[Records from a collection]
....................

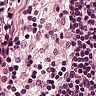
Metastatic tissue present: no
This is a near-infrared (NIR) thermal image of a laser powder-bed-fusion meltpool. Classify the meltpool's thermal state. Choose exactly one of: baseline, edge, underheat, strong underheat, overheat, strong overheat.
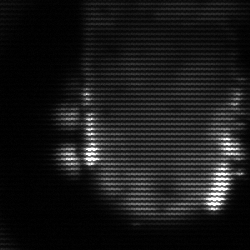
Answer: baseline
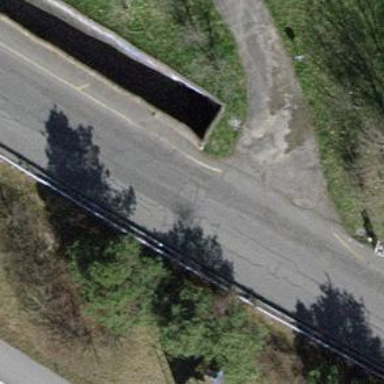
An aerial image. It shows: Footway passing through tunnel.
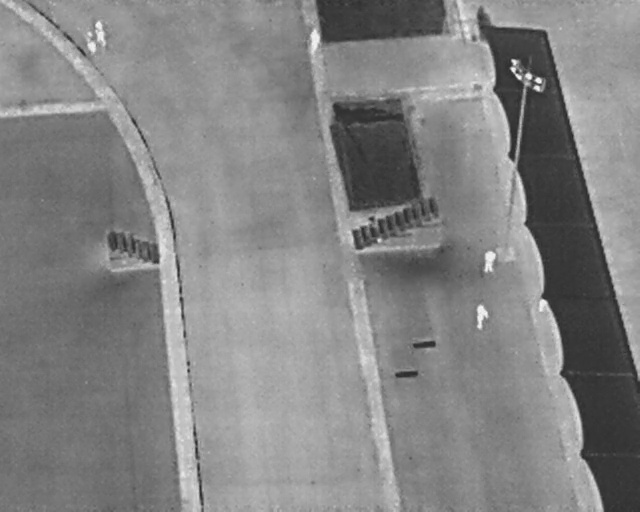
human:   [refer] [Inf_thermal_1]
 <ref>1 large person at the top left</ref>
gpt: <box>[[13, 5, 18, 7, 167]]</box>

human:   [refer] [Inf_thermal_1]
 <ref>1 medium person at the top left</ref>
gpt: <box>[[12, 7, 16, 9, 168]]</box>

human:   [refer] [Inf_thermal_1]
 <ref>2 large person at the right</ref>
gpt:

....................

WHAT THIS TASK INVOLVES: Lines that hold "baseline" are the ones to copy, so pick each out from the data.

WRITTEN REPLY:
This is a near-infrared (NIR) thermal image of a laser powder-bed-fusion meltpool. Classify the meltpool's thermal state. Choose exactly one of: baseline, edge, underheat, strong underheat, overheat, strong overheat.
Answer: baseline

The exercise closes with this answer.